== Segment start ==

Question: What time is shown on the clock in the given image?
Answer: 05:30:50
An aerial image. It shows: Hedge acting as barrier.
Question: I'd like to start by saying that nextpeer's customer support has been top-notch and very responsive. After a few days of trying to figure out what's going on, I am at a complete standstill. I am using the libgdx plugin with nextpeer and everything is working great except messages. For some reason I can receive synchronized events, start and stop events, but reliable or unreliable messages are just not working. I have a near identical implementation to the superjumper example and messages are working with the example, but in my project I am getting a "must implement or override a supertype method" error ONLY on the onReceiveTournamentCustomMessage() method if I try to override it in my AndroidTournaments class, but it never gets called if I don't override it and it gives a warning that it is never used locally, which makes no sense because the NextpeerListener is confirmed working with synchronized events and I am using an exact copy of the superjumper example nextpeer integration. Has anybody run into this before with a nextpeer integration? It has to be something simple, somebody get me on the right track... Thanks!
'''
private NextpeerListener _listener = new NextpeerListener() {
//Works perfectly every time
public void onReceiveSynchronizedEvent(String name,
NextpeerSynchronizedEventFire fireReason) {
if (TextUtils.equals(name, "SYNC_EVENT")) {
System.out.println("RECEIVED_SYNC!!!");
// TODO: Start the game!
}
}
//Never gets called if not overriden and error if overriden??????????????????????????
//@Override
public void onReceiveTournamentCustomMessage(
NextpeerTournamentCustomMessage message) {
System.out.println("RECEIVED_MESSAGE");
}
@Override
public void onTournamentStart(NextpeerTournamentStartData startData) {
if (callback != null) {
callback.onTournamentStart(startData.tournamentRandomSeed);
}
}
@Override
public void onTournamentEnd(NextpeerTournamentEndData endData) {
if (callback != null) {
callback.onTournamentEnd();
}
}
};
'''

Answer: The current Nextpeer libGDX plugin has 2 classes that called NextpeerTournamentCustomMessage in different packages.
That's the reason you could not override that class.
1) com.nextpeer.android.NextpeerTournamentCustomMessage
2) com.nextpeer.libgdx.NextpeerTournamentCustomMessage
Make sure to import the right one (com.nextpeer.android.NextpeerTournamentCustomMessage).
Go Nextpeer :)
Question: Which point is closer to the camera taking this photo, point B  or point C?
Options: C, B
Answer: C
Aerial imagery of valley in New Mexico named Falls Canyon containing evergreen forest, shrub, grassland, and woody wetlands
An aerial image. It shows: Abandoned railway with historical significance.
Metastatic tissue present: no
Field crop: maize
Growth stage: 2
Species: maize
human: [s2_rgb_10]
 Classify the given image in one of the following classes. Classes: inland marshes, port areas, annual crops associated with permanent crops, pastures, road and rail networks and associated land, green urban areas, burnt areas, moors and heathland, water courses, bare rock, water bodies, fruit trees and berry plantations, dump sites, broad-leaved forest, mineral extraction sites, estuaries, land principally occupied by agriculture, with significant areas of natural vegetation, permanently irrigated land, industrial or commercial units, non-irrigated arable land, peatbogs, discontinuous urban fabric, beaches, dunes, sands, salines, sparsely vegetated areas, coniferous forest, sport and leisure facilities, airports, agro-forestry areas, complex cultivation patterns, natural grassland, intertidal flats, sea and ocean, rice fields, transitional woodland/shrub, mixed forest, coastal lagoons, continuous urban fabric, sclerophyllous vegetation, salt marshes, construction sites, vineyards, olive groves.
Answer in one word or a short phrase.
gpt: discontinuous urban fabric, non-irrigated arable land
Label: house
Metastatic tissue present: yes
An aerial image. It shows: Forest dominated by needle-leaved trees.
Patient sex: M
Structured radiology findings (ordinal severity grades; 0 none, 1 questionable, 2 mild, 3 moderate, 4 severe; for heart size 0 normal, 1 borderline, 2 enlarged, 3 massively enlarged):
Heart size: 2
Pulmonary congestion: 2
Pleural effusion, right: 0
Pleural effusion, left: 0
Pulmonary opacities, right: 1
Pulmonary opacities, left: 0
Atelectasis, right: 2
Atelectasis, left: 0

== Segment end ==

PROMPT
An identical copy of the preceding records should be returned.

RESPONSE BOX
Question: What time is shown on the clock in the given image?
Answer: 05:30:50
An aerial image. It shows: Hedge acting as barrier.
Question: I'd like to start by saying that nextpeer's customer support has been top-notch and very responsive. After a few days of trying to figure out what's going on, I am at a complete standstill. I am using the libgdx plugin with nextpeer and everything is working great except messages. For some reason I can receive synchronized events, start and stop events, but reliable or unreliable messages are just not working. I have a near identical implementation to the superjumper example and messages are working with the example, but in my project I am getting a "must implement or override a supertype method" error ONLY on the onReceiveTournamentCustomMessage() method if I try to override it in my AndroidTournaments class, but it never gets called if I don't override it and it gives a warning that it is never used locally, which makes no sense because the NextpeerListener is confirmed working with synchronized events and I am using an exact copy of the superjumper example nextpeer integration. Has anybody run into this before with a nextpeer integration? It has to be something simple, somebody get me on the right track... Thanks!
'''
private NextpeerListener _listener = new NextpeerListener() {
//Works perfectly every time
public void onReceiveSynchronizedEvent(String name,
NextpeerSynchronizedEventFire fireReason) {
if (TextUtils.equals(name, "SYNC_EVENT")) {
System.out.println("RECEIVED_SYNC!!!");
// TODO: Start the game!
}
}
//Never gets called if not overriden and error if overriden??????????????????????????
//@Override
public void onReceiveTournamentCustomMessage(
NextpeerTournamentCustomMessage message) {
System.out.println("RECEIVED_MESSAGE");
}
@Override
public void onTournamentStart(NextpeerTournamentStartData startData) {
if (callback != null) {
callback.onTournamentStart(startData.tournamentRandomSeed);
}
}
@Override
public void onTournamentEnd(NextpeerTournamentEndData endData) {
if (callback != null) {
callback.onTournamentEnd();
}
}
};
'''

Answer: The current Nextpeer libGDX plugin has 2 classes that called NextpeerTournamentCustomMessage in different packages.
That's the reason you could not override that class.
1) com.nextpeer.android.NextpeerTournamentCustomMessage
2) com.nextpeer.libgdx.NextpeerTournamentCustomMessage
Make sure to import the right one (com.nextpeer.android.NextpeerTournamentCustomMessage).
Go Nextpeer :)
Question: Which point is closer to the camera taking this photo, point B  or point C?
Options: C, B
Answer: C
Aerial imagery of valley in New Mexico named Falls Canyon containing evergreen forest, shrub, grassland, and woody wetlands
An aerial image. It shows: Abandoned railway with historical significance.
Metastatic tissue present: no
Field crop: maize
Growth stage: 2
Species: maize
human: [s2_rgb_10]
 Classify the given image in one of the following classes. Classes: inland marshes, port areas, annual crops associated with permanent crops, pastures, road and rail networks and associated land, green urban areas, burnt areas, moors and heathland, water courses, bare rock, water bodies, fruit trees and berry plantations, dump sites, broad-leaved forest, mineral extraction sites, estuaries, land principally occupied by agriculture, with significant areas of natural vegetation, permanently irrigated land, industrial or commercial units, non-irrigated arable land, peatbogs, discontinuous urban fabric, beaches, dunes, sands, salines, sparsely vegetated areas, coniferous forest, sport and leisure facilities, airports, agro-forestry areas, complex cultivation patterns, natural grassland, intertidal flats, sea and ocean, rice fields, transitional woodland/shrub, mixed forest, coastal lagoons, continuous urban fabric, sclerophyllous vegetation, salt marshes, construction sites, vineyards, olive groves.
Answer in one word or a short phrase.
gpt: discontinuous urban fabric, non-irrigated arable land
Label: house
Metastatic tissue present: yes
An aerial image. It shows: Forest dominated by needle-leaved trees.
Patient sex: M
Structured radiology findings (ordinal severity grades; 0 none, 1 questionable, 2 mild, 3 moderate, 4 severe; for heart size 0 normal, 1 borderline, 2 enlarged, 3 massively enlarged):
Heart size: 2
Pulmonary congestion: 2
Pleural effusion, right: 0
Pleural effusion, left: 0
Pulmonary opacities, right: 1
Pulmonary opacities, left: 0
Atelectasis, right: 2
Atelectasis, left: 0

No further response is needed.